Omit the images. Restate all of the records word for word.

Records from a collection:
Content starts
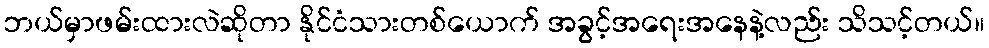
ဘယ်မှာဖမ်းထားလဲဆိုတာ နိုင်ငံသားတစ်ယောက် အခွင့်အရေးအနေနဲ့လည်း သိသင့်တယ်။
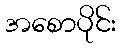
အစောပိုင်း
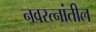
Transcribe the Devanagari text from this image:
नवरत्नांतील
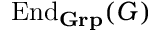
\operatorname { E n d } _ { \mathbf { G r p } } ( G )
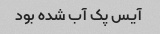
آیس پک آب شده بود
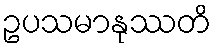
ဥပသမာနုဿတိ
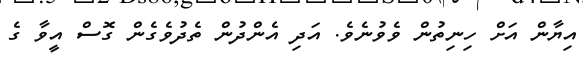
އިޔާން އަށް ހިނިތުން ވެވުނެވެ. އަދި އެންދުން ތެދުވެގެން ގޮސް އީވާ ގެ
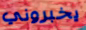
يخبروني
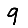
Digit: 9
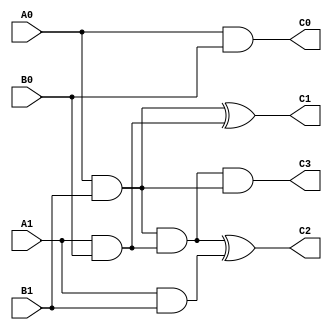
module binary_divider(input A1,A0,B1,B0, output C0,C1,C2,C3);
  wire w1,w2,w3,w4;
  
  and A_1(w1,A0,B1);
  and A_2(C0,A0,B0);
  and A_3(w2,A1,B0);
  and A_4(w3,A1,B1);
  and A_5(w4,w1,w2);
  and A_6(C3,w4,w1);
  xor X1(C1,w1,w2);
  xor X2(C2,w4,w3);
  
  endmodule
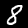
Digit: 8
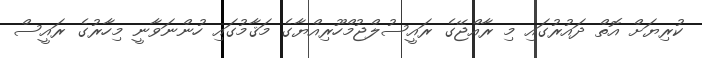
ކުރިޔަށް އޮތް ދައުރުގައި މި ރާއްޖޭގެ ރައީސުލްޖުމްހޫރިއްޔާގެ މަޤާމުގައި ހުންނަވާނީ މިހާރުގެ ރައީސް
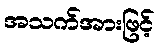
အသက်အားဖြင့်
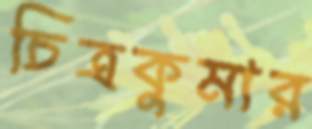
চিত্রকুমার
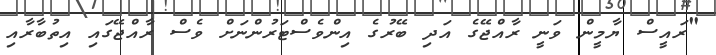
"ރައީސް ޔާމީން ވަނީ ރާއްޖޭގެ އަދި ބޭރުގެ އިންވެސްޓަރުންނަށް ވެސް ރާއްޖޭގައި އިތުބާރާއި
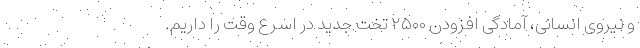
و نیروی انسانی، آمادگی افزودن ۲۵۰۰ تخت جدید در اسرع وقت را داریم.
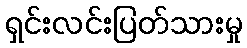
ရှင်းလင်းပြတ်သားမှု
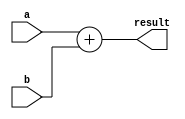
//-----------------------------------------------------------------------------
// Title         : ALU Behavioral Model
// Project       : Computer Organization
//-----------------------------------------------------------------------------
//-----------------------------------------------------------------------------
// Description :
//   Behavioral model of 32-bit adder  used in the implementations of the MIPS processor
//   subset described in Ch. 5-6 of "Computer Organization and Design, 3rd ed."
//   by David Patterson & John Hennessey, Morgan Kaufmann, 2004 (COD3e).  
//
//-----------------------------------------------------------------------------

module add32(a, b, result);
  input [31:0] a, b;
  output [31:0] result;

  assign result = a + b;
endmodule
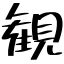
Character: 観
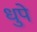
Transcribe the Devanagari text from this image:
धुपे
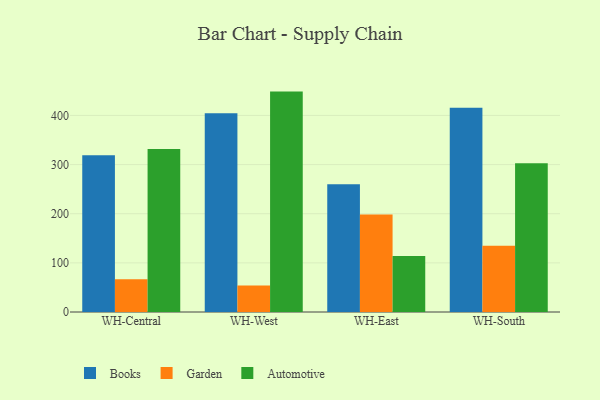
{"axis": {"x": "Warehouse", "y": "Shipments"}, "legend": ["Automotive", "Books", "Garden"], "data": [{"x": "WH-Central", "y": 319.0, "type": "Books"}, {"x": "WH-Central", "y": 66.5, "type": "Garden"}, {"x": "WH-Central", "y": 331.7, "type": "Automotive"}, {"x": "WH-West", "y": 404.4, "type": "Books"}, {"x": "WH-West", "y": 53.9, "type": "Garden"}, {"x": "WH-West", "y": 448.5, "type": "Automotive"}, {"x": "WH-East", "y": 260.2, "type": "Books"}, {"x": "WH-East", "y": 198.3, "type": "Garden"}, {"x": "WH-East", "y": 113.8, "type": "Automotive"}, {"x": "WH-South", "y": 415.7, "type": "Books"}, {"x": "WH-South", "y": 134.9, "type": "Garden"}, {"x": "WH-South", "y": 302.5, "type": "Automotive"}]}
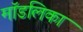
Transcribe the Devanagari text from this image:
मॉडलिका
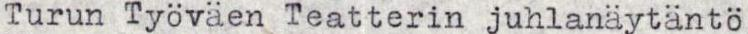
Turun Työväen Teatterin juhlanäytäntö
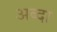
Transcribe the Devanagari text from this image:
अब्दा
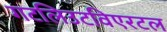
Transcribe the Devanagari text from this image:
गटलिउटविएरटल
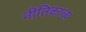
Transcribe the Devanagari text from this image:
नीतिकाव्य
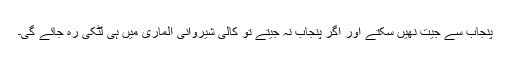
پنجاب سے جیت نھیں سکتے اور اگر پنجاب نہ جیتے تو کالی شیروانی الماری میں ہی لٹکی رہ جائے گی۔
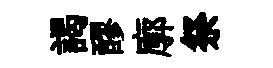
謁醪廓祭
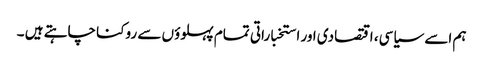
ہم اسے سیاسی، اقتصادی اور استخباراتی تمام پہلوؤں سے روکنا چاہتے ہیں ۔
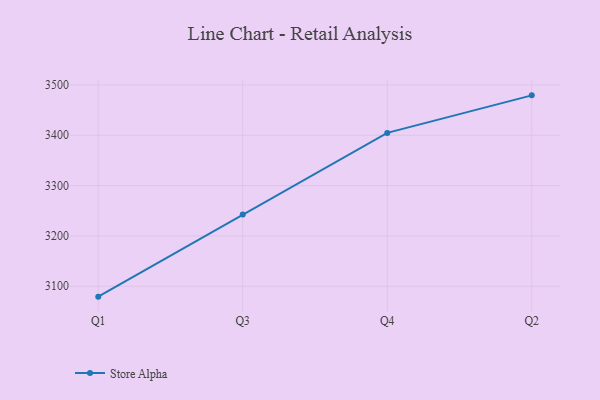
{"axis": {"x": "Quarter", "y": "Churn Rate (%)"}, "legend": ["Store Alpha"], "data": [{"x": "Q1", "y": 3079.3, "type": "Store Alpha"}, {"x": "Q3", "y": 3242.4, "type": "Store Alpha"}, {"x": "Q4", "y": 3404.6, "type": "Store Alpha"}, {"x": "Q2", "y": 3479.2, "type": "Store Alpha"}]}
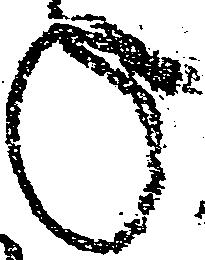
ね
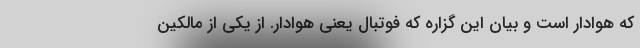
که هوادار است و بیان این گزاره که فوتبال یعنی هوادار. از یکی از مالکین
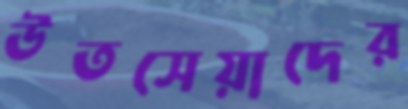
উতসেয়াদের
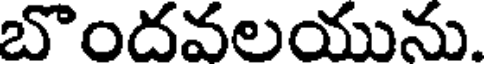
బొందవలయును.
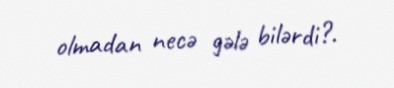
olmadan necə gələ bilərdi?.
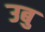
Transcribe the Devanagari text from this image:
उबु
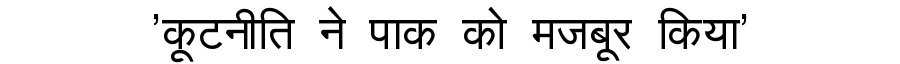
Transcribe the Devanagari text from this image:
'कूटनीति ने पाक को मजबूर किया'
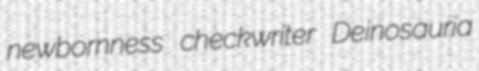
newbornness checkwriter Deinosauria
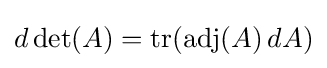
d\det(A)=\operatorname {tr} (\operatorname {adj} (A)\,dA)
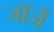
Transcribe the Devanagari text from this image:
जॉर्जे
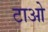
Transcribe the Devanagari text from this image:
टाओ
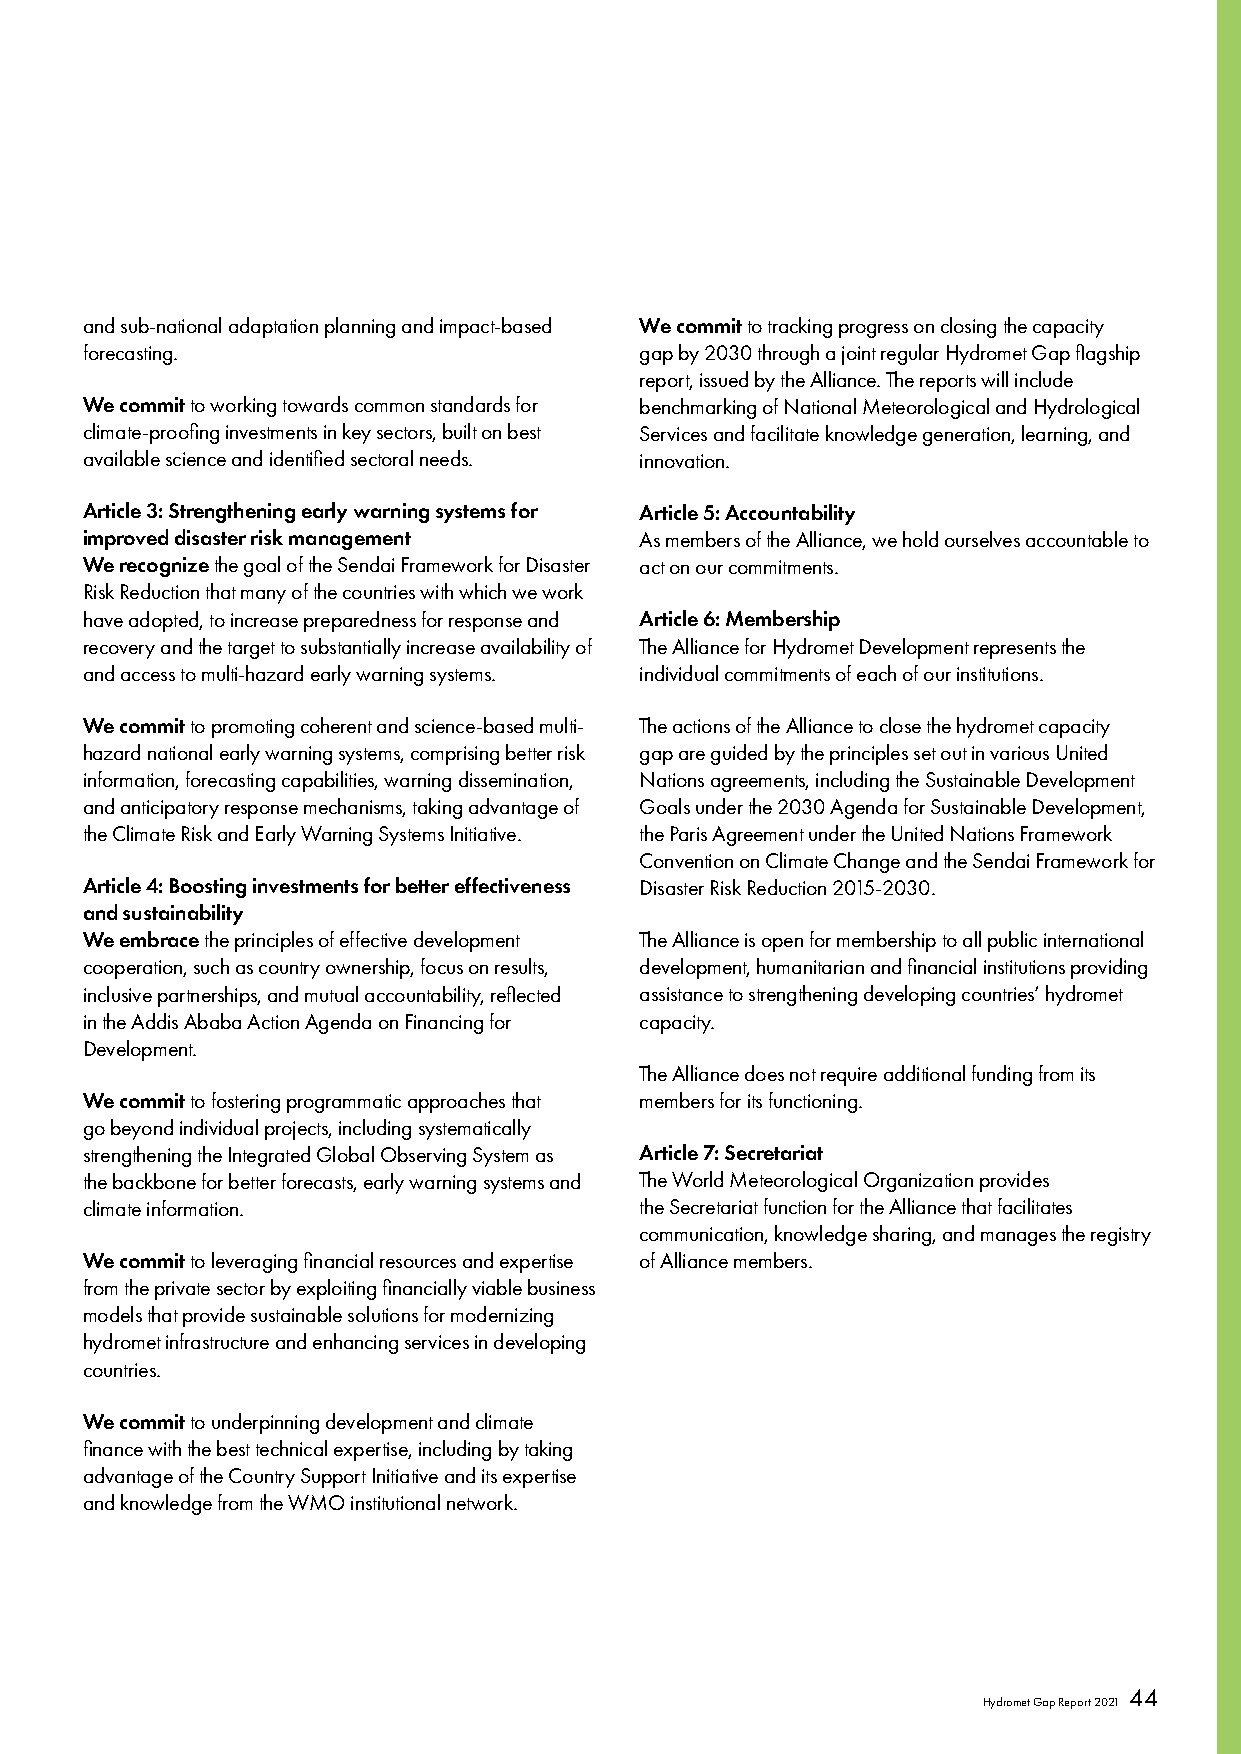
and sub-national adaptation planning and impact-based We commit to tracking progress on closing the capacity
 forecasting.                         gap by 2030 through a joint regular Hydromet Gap flagship
 report, issued by the Alliance. The reports will include
 We commit to working towards common standards for benchmarking of National Meteorological and Hydrological
 climate-proofing investments in key sectors, built on best Services and facilitate knowledge generation, learning, and
 available science and identified sectoral needs. innovation.
 Article 3: Strengthening early warning systems for Article 5: Accountability
 improved disaster risk management    As members of the Alliance, we hold ourselves accountable to
 We recognize the goal of the Sendai Framework for Disaster act on our commitments.
 Risk Reduction that many of the countries with which we work
 have adopted, to increase preparedness for response and Article 6: Membership
 recovery and the target to substantially increase availability of The Alliance for Hydromet Development represents the
 and access to multi-hazard early warning systems. individual commitments of each of our institutions.
 We commit to promoting coherent and science-based multi- The actions of the Alliance to close the hydromet capacity
 hazard national early warning systems, comprising better risk gap are guided by the principles set out in various United
 information, forecasting capabilities, warning dissemination, Nations agreements, including the Sustainable Development
 and anticipatory response mechanisms, taking advantage of Goals under the 2030 Agenda for Sustainable Development,
 the Climate Risk and Early Warning Systems Initiative. the Paris Agreement under the United Nations Framework
 Convention on Climate Change and the Sendai Framework for
 Article 4: Boosting investments for better effectiveness Disaster Risk Reduction 2015-2030.
 and sustainability
 We embrace the principles of effective development The Alliance is open for membership to all public international
 cooperation, such as country ownership, focus on results, development, humanitarian and financial institutions providing
 inclusive partnerships, and mutual accountability, reflected assistance to strengthening developing countries’ hydromet
 in the Addis Ababa Action Agenda on Financing for capacity.
 Development.
 The Alliance does not require additional funding from its
 We commit to fostering programmatic approaches that members for its functioning.
 go beyond individual projects, including systematically
 strengthening the Integrated Global Observing System as Article 7: Secretariat
 the backbone for better forecasts, early warning systems and The World Meteorological Organization provides
 climate information.                 the Secretariat function for the Alliance that facilitates
 communication, knowledge sharing, and manages the registry
 We commit to leveraging financial resources and expertise of Alliance members.
 from the private sector by exploiting financially viable business
 models that provide sustainable solutions for modernizing
 hydromet infrastructure and enhancing services in developing
 countries.
 We commit to underpinning development and climate
 finance with the best technical expertise, including by taking
 advantage of the Country Support Initiative and its expertise
 and knowledge from the WMO institutional network.
 44
 Hydromet Gap Report 2021
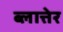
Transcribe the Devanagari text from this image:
ब्लात्तेर
Content ends
Expected answer:
ဘယ်မှာဖမ်းထားလဲဆိုတာ နိုင်ငံသားတစ်ယောက် အခွင့်အရေးအနေနဲ့လည်း သိသင့်တယ်။
အစောပိုင်း
Transcribe the Devanagari text from this image:
नवरत्नांतील
\operatorname { E n d } _ { \mathbf { G r p } } ( G )
آیس پک آب شده بود
ဥပသမာနုဿတိ
އިޔާން އަށް ހިނިތުން ވެވުނެވެ. އަދި އެންދުން ތެދުވެގެން ގޮސް އީވާ ގެ
يخبروني
Digit: 9
module binary_divider(input A1,A0,B1,B0, output C0,C1,C2,C3);
  wire w1,w2,w3,w4;
  
  and A_1(w1,A0,B1);
  and A_2(C0,A0,B0);
  and A_3(w2,A1,B0);
  and A_4(w3,A1,B1);
  and A_5(w4,w1,w2);
  and A_6(C3,w4,w1);
  xor X1(C1,w1,w2);
  xor X2(C2,w4,w3);
  
  endmodule
Digit: 8
ކުރިޔަށް އޮތް ދައުރުގައި މި ރާއްޖޭގެ ރައީސުލްޖުމްހޫރިއްޔާގެ މަޤާމުގައި ހުންނަވާނީ މިހާރުގެ ރައީސް
အသက်အားဖြင့်
চিত্রকুমার
"ރައީސް ޔާމީން ވަނީ ރާއްޖޭގެ އަދި ބޭރުގެ އިންވެސްޓަރުންނަށް ވެސް ރާއްޖޭގައި އިތުބާރާއި
و نیروی انسانی، آمادگی افزودن ۲۵۰۰ تخت جدید در اسرع وقت را داریم.
ရှင်းလင်းပြတ်သားမှု
//-----------------------------------------------------------------------------
// Title         : ALU Behavioral Model
// Project       : Computer Organization
//-----------------------------------------------------------------------------
//-----------------------------------------------------------------------------
// Description :
//   Behavioral model of 32-bit adder  used in the implementations of the MIPS processor
//   subset described in Ch. 5-6 of "Computer Organization and Design, 3rd ed."
//   by David Patterson & John Hennessey, Morgan Kaufmann, 2004 (COD3e).  
//
//-----------------------------------------------------------------------------

module add32(a, b, result);
  input [31:0] a, b;
  output [31:0] result;

  assign result = a + b;
endmodule
Character: 観
Transcribe the Devanagari text from this image:
धुपे
{"axis": {"x": "Warehouse", "y": "Shipments"}, "legend": ["Automotive", "Books", "Garden"], "data": [{"x": "WH-Central", "y": 319.0, "type": "Books"}, {"x": "WH-Central", "y": 66.5, "type": "Garden"}, {"x": "WH-Central", "y": 331.7, "type": "Automotive"}, {"x": "WH-West", "y": 404.4, "type": "Books"}, {"x": "WH-West", "y": 53.9, "type": "Garden"}, {"x": "WH-West", "y": 448.5, "type": "Automotive"}, {"x": "WH-East", "y": 260.2, "type": "Books"}, {"x": "WH-East", "y": 198.3, "type": "Garden"}, {"x": "WH-East", "y": 113.8, "type": "Automotive"}, {"x": "WH-South", "y": 415.7, "type": "Books"}, {"x": "WH-South", "y": 134.9, "type": "Garden"}, {"x": "WH-South", "y": 302.5, "type": "Automotive"}]}
Transcribe the Devanagari text from this image:
मॉडलिका
Turun Työväen Teatterin juhlanäytäntö
Transcribe the Devanagari text from this image:
अब्दा
Transcribe the Devanagari text from this image:
गटलिउटविएरटल
Transcribe the Devanagari text from this image:
नीतिकाव्य
پنجاب سے جیت نھیں سکتے اور اگر پنجاب نہ جیتے تو کالی شیروانی الماری میں ہی لٹکی رہ جائے گی۔
謁醪廓祭
ہم اسے سیاسی، اقتصادی اور استخباراتی تمام پہلوؤں سے روکنا چاہتے ہیں ۔
{"axis": {"x": "Quarter", "y": "Churn Rate (%)"}, "legend": ["Store Alpha"], "data": [{"x": "Q1", "y": 3079.3, "type": "Store Alpha"}, {"x": "Q3", "y": 3242.4, "type": "Store Alpha"}, {"x": "Q4", "y": 3404.6, "type": "Store Alpha"}, {"x": "Q2", "y": 3479.2, "type": "Store Alpha"}]}
ね
که هوادار است و بیان این گزاره که فوتبال یعنی هوادار. از یکی از مالکین
উতসেয়াদের
బొందవలయును.
olmadan necə gələ bilərdi?.
Transcribe the Devanagari text from this image:
उबु
Transcribe the Devanagari text from this image:
'कूटनीति ने पाक को मजबूर किया'
newbornness checkwriter Deinosauria
d\det(A)=\operatorname {tr} (\operatorname {adj} (A)\,dA)
Transcribe the Devanagari text from this image:
जॉर्जे
Transcribe the Devanagari text from this image:
टाओ
and sub-national adaptation planning and impact-based We commit to tracking progress on closing the capacity
 forecasting.                         gap by 2030 through a joint regular Hydromet Gap flagship
 report, issued by the Alliance. The reports will include
 We commit to working towards common standards for benchmarking of National Meteorological and Hydrological
 climate-proofing investments in key sectors, built on best Services and facilitate knowledge generation, learning, and
 available science and identified sectoral needs. innovation.
 Article 3: Strengthening early warning systems for Article 5: Accountability
 improved disaster risk management    As members of the Alliance, we hold ourselves accountable to
 We recognize the goal of the Sendai Framework for Disaster act on our commitments.
 Risk Reduction that many of the countries with which we work
 have adopted, to increase preparedness for response and Article 6: Membership
 recovery and the target to substantially increase availability of The Alliance for Hydromet Development represents the
 and access to multi-hazard early warning systems. individual commitments of each of our institutions.
 We commit to promoting coherent and science-based multi- The actions of the Alliance to close the hydromet capacity
 hazard national early warning systems, comprising better risk gap are guided by the principles set out in various United
 information, forecasting capabilities, warning dissemination, Nations agreements, including the Sustainable Development
 and anticipatory response mechanisms, taking advantage of Goals under the 2030 Agenda for Sustainable Development,
 the Climate Risk and Early Warning Systems Initiative. the Paris Agreement under the United Nations Framework
 Convention on Climate Change and the Sendai Framework for
 Article 4: Boosting investments for better effectiveness Disaster Risk Reduction 2015-2030.
 and sustainability
 We embrace the principles of effective development The Alliance is open for membership to all public international
 cooperation, such as country ownership, focus on results, development, humanitarian and financial institutions providing
 inclusive partnerships, and mutual accountability, reflected assistance to strengthening developing countries’ hydromet
 in the Addis Ababa Action Agenda on Financing for capacity.
 Development.
 The Alliance does not require additional funding from its
 We commit to fostering programmatic approaches that members for its functioning.
 go beyond individual projects, including systematically
 strengthening the Integrated Global Observing System as Article 7: Secretariat
 the backbone for better forecasts, early warning systems and The World Meteorological Organization provides
 climate information.                 the Secretariat function for the Alliance that facilitates
 communication, knowledge sharing, and manages the registry
 We commit to leveraging financial resources and expertise of Alliance members.
 from the private sector by exploiting financially viable business
 models that provide sustainable solutions for modernizing
 hydromet infrastructure and enhancing services in developing
 countries.
 We commit to underpinning development and climate
 finance with the best technical expertise, including by taking
 advantage of the Country Support Initiative and its expertise
 and knowledge from the WMO institutional network.
 44
 Hydromet Gap Report 2021
Transcribe the Devanagari text from this image:
ब्लात्तेर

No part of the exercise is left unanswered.